Exercise aim
Given the records underneath, please repeat exactly the lines from the line with "844 -2065 289" through the line with "C89.5,0 0,89.5 0,200", passing over any picture.
:: Entries supplied ::
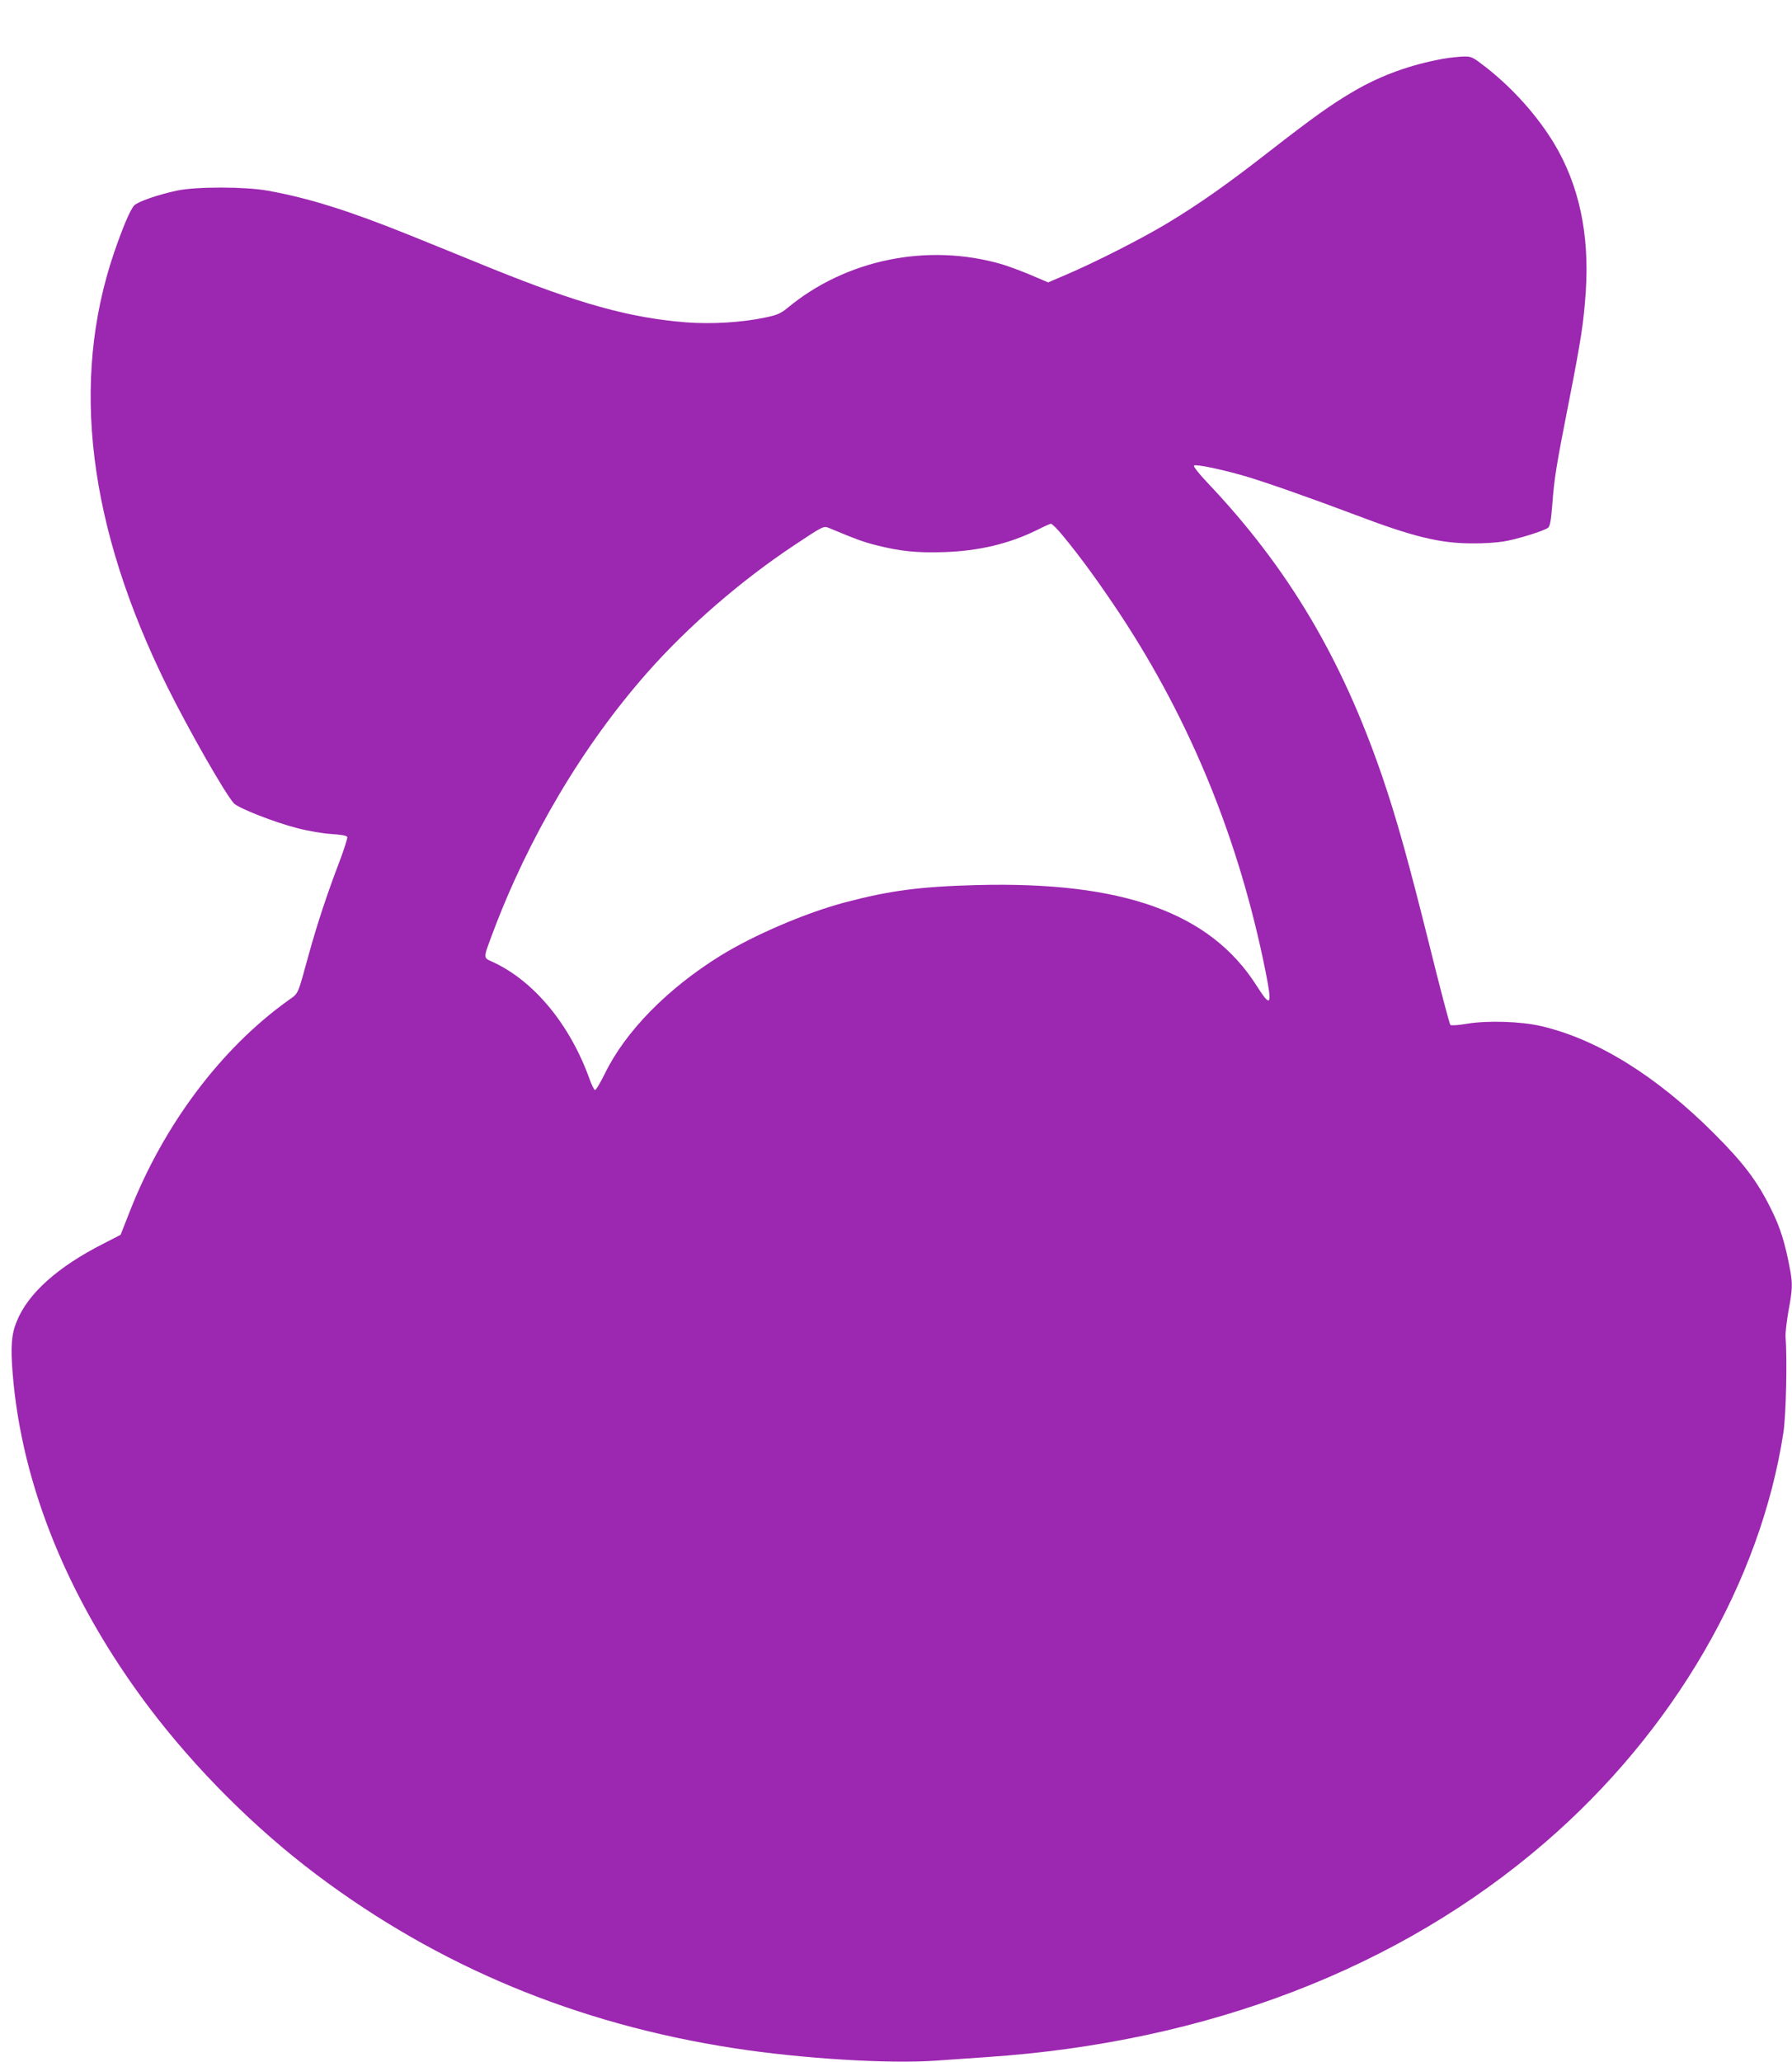 <?xml version="1.0" standalone="no"?>
<!DOCTYPE svg PUBLIC "-//W3C//DTD SVG 20010904//EN"
 "http://www.w3.org/TR/2001/REC-SVG-20010904/DTD/svg10.dtd">
<svg version="1.0" xmlns="http://www.w3.org/2000/svg"
 width="1113pt" height="1280pt" viewBox="0 0 1113 1280"
 preserveAspectRatio="xMidYMid meet">
<g transform="translate(0,1280) scale(0.1,-0.1)"
fill="#9c27b0" stroke="none">
<path d="M8962 12435 c-202 -37 -380 -101 -548 -198 -138 -80 -251 -160 -529
-376 -256 -200 -436 -327 -632 -445 -155 -94 -454 -246 -631 -321 l-112 -48
-108 46 c-59 25 -138 54 -177 66 -462 135 -972 31 -1337 -273 -40 -32 -62 -42
-135 -57 -148 -31 -332 -42 -491 -30 -352 28 -665 115 -1217 338 -143 58 -368
150 -500 203 -372 150 -628 231 -880 276 -142 26 -447 26 -565 1 -121 -26
-242 -68 -266 -92 -24 -24 -72 -137 -126 -295 -272 -799 -161 -1700 332 -2695
135 -271 356 -658 412 -721 27 -30 256 -120 396 -155 64 -17 159 -33 210 -36
62 -4 96 -10 99 -19 2 -7 -20 -77 -50 -156 -70 -182 -137 -383 -188 -568 -74
-268 -62 -242 -132 -292 -416 -299 -771 -772 -981 -1308 l-57 -145 -107 -55
c-284 -144 -468 -309 -538 -482 -33 -80 -39 -155 -25 -328 57 -694 347 -1405
844 -2065 289 -383 659 -753 1042 -1041 758 -570 1618 -928 2595 -1078 420
-65 963 -98 1254 -77 88 6 231 16 316 22 1367 92 2561 551 3465 1331 800 689
1340 1619 1482 2548 16 108 24 451 13 590 -2 25 7 98 18 162 25 133 26 168 11
252 -32 171 -61 265 -119 381 -86 174 -171 286 -355 470 -356 356 -727 586
-1075 666 -124 29 -330 35 -454 15 -58 -10 -103 -13 -108 -8 -5 5 -65 232
-132 503 -131 524 -202 779 -292 1042 -252 734 -585 1294 -1084 1820 -57 60
-89 102 -84 107 10 10 167 -22 315 -65 121 -35 414 -138 679 -238 363 -138
532 -180 735 -180 66 -1 153 5 194 12 79 12 249 65 276 85 12 9 18 43 26 141
12 167 26 249 104 645 75 383 91 486 104 679 24 357 -42 664 -197 921 -105
173 -256 342 -425 474 -82 63 -87 66 -138 65 -30 -1 -87 -7 -127 -14z m-2360
-2961 c110 -133 226 -293 353 -484 440 -666 741 -1402 905 -2219 43 -215 34
-230 -55 -90 -288 454 -831 649 -1740 625 -345 -9 -539 -34 -815 -107 -246
-65 -568 -203 -778 -333 -327 -203 -587 -468 -714 -728 -29 -59 -57 -106 -63
-104 -5 1 -20 31 -33 67 -122 340 -345 609 -600 727 -62 28 -62 19 -5 172 224
600 563 1172 965 1627 253 286 580 569 913 790 178 118 180 119 213 106 165
-69 216 -88 297 -108 146 -37 254 -48 420 -42 218 7 407 53 580 139 39 20 76
36 82 37 7 0 41 -33 75 -75z"/>
</g>
</svg>
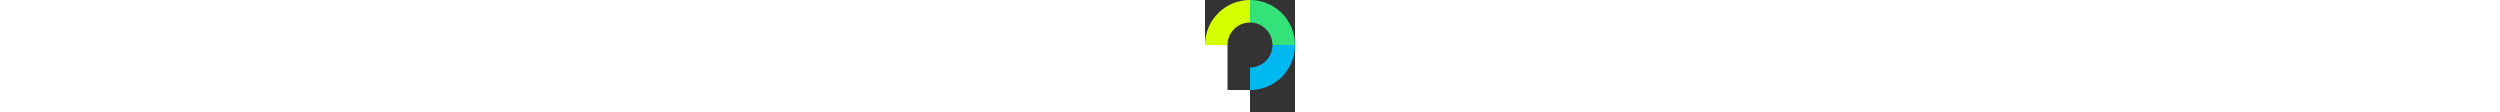 
<svg
    height="18px"
    viewBox="0 0 400 500"
    version="1.1"
    xmlns="http://www.w3.org/2000/svg"
    xmlns:xlink="http://www.w3.org/1999/xlink"
    xmlns:sketch="http://www.bohemiancoding.com/sketch/ns"
  >
    <rect x="0" y="0" width="400" height="500" fill="#333333" stroke="none"/>
    <!-- Generator: Sketch 3.3.1 (12002) - http://www.bohemiancoding.com/sketch -->
    <title>Group</title>
    <desc>Created with Sketch.</desc>
    <defs />
    <g
      id="Page-1"
      stroke="none"
      stroke-width="1"
      fill="none"
      fill-rule="evenodd"
      sketch:type="MSPage"
    >
      <g id="passport_logo_final" sketch:type="MSLayerGroup" transform="translate(-400, -350)">
        <g id="Group" sketch:type="MSShapeGroup">
          <g id="Shape">
            <g transform="translate(400, 350)">
              <path d="M200,0 C89.5,0 0,89.5 0,200 L100,200 C100,144.8 144.8,100 200,100 L200,0 L200,0 Z" fill="#D6FF00" />
              <path d="M400,200 C400,89.5 310.5,0 200,0 L200,100 C255.2,100 300,144.8 300,200 L400,200 L400,200 Z" fill="#34E27A" />
              <path d="M200,400 C310.5,400 400,310.5 400,200 L300,200 C300,255.2 255.2,300 200,300 L200,400 L200,400 Z" fill="#00B9F1" />
              <path d="M100,400 L100,200 L0,200 L0,500 L200,500 L200,400 L100,400 Z" fill="#FFFFFF" />
            </g>
          </g>
        </g>
      </g>
    </g>
  </svg>
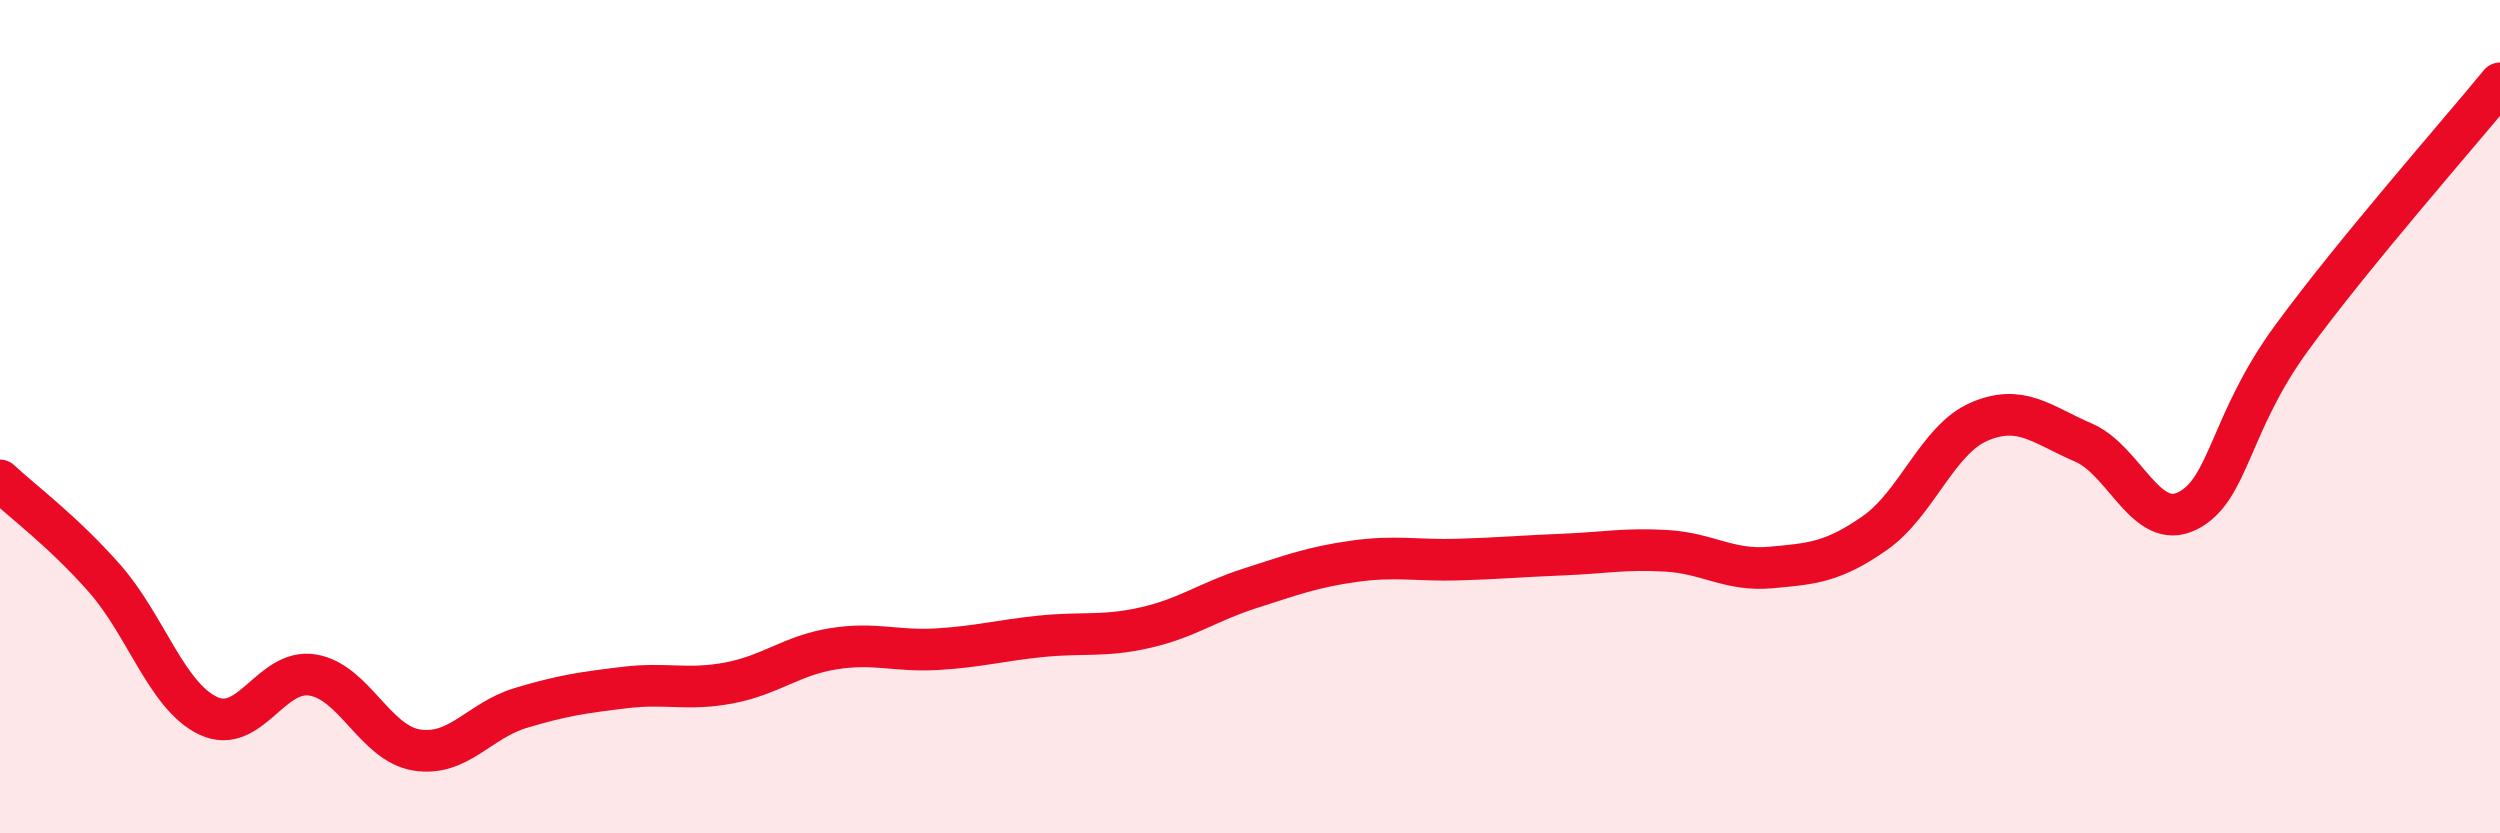 
    <svg width="60" height="20" viewBox="0 0 60 20" xmlns="http://www.w3.org/2000/svg">
      <path
        d="M 0,11.53 C 0.5,12 1.5,12.74 2.5,13.87 C 3.5,15 4,16.71 5,17.18 C 6,17.65 6.5,16.04 7.5,16.2 C 8.5,16.36 9,17.84 10,18 C 11,18.16 11.5,17.29 12.5,16.99 C 13.5,16.69 14,16.62 15,16.5 C 16,16.38 16.5,16.58 17.5,16.39 C 18.5,16.2 19,15.73 20,15.57 C 21,15.41 21.5,15.64 22.5,15.58 C 23.5,15.52 24,15.37 25,15.27 C 26,15.17 26.5,15.29 27.5,15.06 C 28.5,14.83 29,14.44 30,14.12 C 31,13.8 31.5,13.61 32.5,13.47 C 33.5,13.33 34,13.46 35,13.43 C 36,13.4 36.5,13.35 37.5,13.31 C 38.5,13.27 39,13.16 40,13.22 C 41,13.28 41.5,13.71 42.5,13.62 C 43.5,13.53 44,13.49 45,12.79 C 46,12.09 46.5,10.55 47.5,10.12 C 48.5,9.69 49,10.19 50,10.62 C 51,11.05 51.5,12.76 52.5,12.26 C 53.5,11.76 53.5,10.16 55,8.11 C 56.5,6.06 59,3.22 60,2L60 20L0 20Z"
        fill="#EB0A25"
        opacity="0.1"
        stroke-linecap="round"
        stroke-linejoin="round"
      />
      <path
        d="M 0,11.53 C 0.5,12 1.5,12.74 2.5,13.87 C 3.5,15 4,16.71 5,17.18 C 6,17.65 6.5,16.04 7.5,16.2 C 8.5,16.36 9,17.84 10,18 C 11,18.16 11.5,17.29 12.5,16.99 C 13.5,16.69 14,16.62 15,16.5 C 16,16.38 16.5,16.58 17.5,16.39 C 18.5,16.2 19,15.73 20,15.57 C 21,15.41 21.5,15.64 22.5,15.58 C 23.5,15.52 24,15.37 25,15.27 C 26,15.17 26.5,15.29 27.5,15.06 C 28.5,14.83 29,14.44 30,14.12 C 31,13.8 31.5,13.61 32.5,13.47 C 33.5,13.33 34,13.46 35,13.43 C 36,13.4 36.5,13.35 37.5,13.31 C 38.5,13.27 39,13.16 40,13.22 C 41,13.28 41.5,13.71 42.5,13.62 C 43.5,13.53 44,13.49 45,12.79 C 46,12.09 46.5,10.55 47.5,10.12 C 48.5,9.69 49,10.19 50,10.62 C 51,11.05 51.5,12.76 52.5,12.26 C 53.5,11.76 53.5,10.16 55,8.11 C 56.5,6.06 59,3.22 60,2"
        stroke="#EB0A25"
        stroke-width="1"
        fill="none"
        stroke-linecap="round"
        stroke-linejoin="round"
      />
    </svg>
:::
Response for this exercise
844 -2065 289 -383 659 -753 1042 -1041 758 -570 1618 -928 2595 -1078 420
-65 963 -98 1254 -77 88 6 231 16 316 22 1367 92 2561 551 3465 1331 800 689
1340 1619 1482 2548 16 108 24 451 13 590 -2 25 7 98 18 162 25 133 26 168 11
252 -32 171 -61 265 -119 381 -86 174 -171 286 -355 470 -356 356 -727 586
-1075 666 -124 29 -330 35 -454 15 -58 -10 -103 -13 -108 -8 -5 5 -65 232
-132 503 -131 524 -202 779 -292 1042 -252 734 -585 1294 -1084 1820 -57 60
-89 102 -84 107 10 10 167 -22 315 -65 121 -35 414 -138 679 -238 363 -138
532 -180 735 -180 66 -1 153 5 194 12 79 12 249 65 276 85 12 9 18 43 26 141
12 167 26 249 104 645 75 383 91 486 104 679 24 357 -42 664 -197 921 -105
173 -256 342 -425 474 -82 63 -87 66 -138 65 -30 -1 -87 -7 -127 -14z m-2360
-2961 c110 -133 226 -293 353 -484 440 -666 741 -1402 905 -2219 43 -215 34
-230 -55 -90 -288 454 -831 649 -1740 625 -345 -9 -539 -34 -815 -107 -246
-65 -568 -203 -778 -333 -327 -203 -587 -468 -714 -728 -29 -59 -57 -106 -63
-104 -5 1 -20 31 -33 67 -122 340 -345 609 -600 727 -62 28 -62 19 -5 172 224
600 563 1172 965 1627 253 286 580 569 913 790 178 118 180 119 213 106 165
-69 216 -88 297 -108 146 -37 254 -48 420 -42 218 7 407 53 580 139 39 20 76
36 82 37 7 0 41 -33 75 -75z"/>
</g>
</svg>
<svg
    height="18px"
    viewBox="0 0 400 500"
    version="1.1"
    xmlns="http://www.w3.org/2000/svg"
    xmlns:xlink="http://www.w3.org/1999/xlink"
    xmlns:sketch="http://www.bohemiancoding.com/sketch/ns"
  >
    <rect x="0" y="0" width="400" height="500" fill="#333333" stroke="none"/>
    <!-- Generator: Sketch 3.3.1 (12002) - http://www.bohemiancoding.com/sketch -->
    <title>Group</title>
    <desc>Created with Sketch.</desc>
    <defs />
    <g
      id="Page-1"
      stroke="none"
      stroke-width="1"
      fill="none"
      fill-rule="evenodd"
      sketch:type="MSPage"
    >
      <g id="passport_logo_final" sketch:type="MSLayerGroup" transform="translate(-400, -350)">
        <g id="Group" sketch:type="MSShapeGroup">
          <g id="Shape">
            <g transform="translate(400, 350)">
              <path d="M200,0 C89.5,0 0,89.5 0,200 L100,200 C100,144.8 144.8,100 200,100 L200,0 L200,0 Z" fill="#D6FF00" />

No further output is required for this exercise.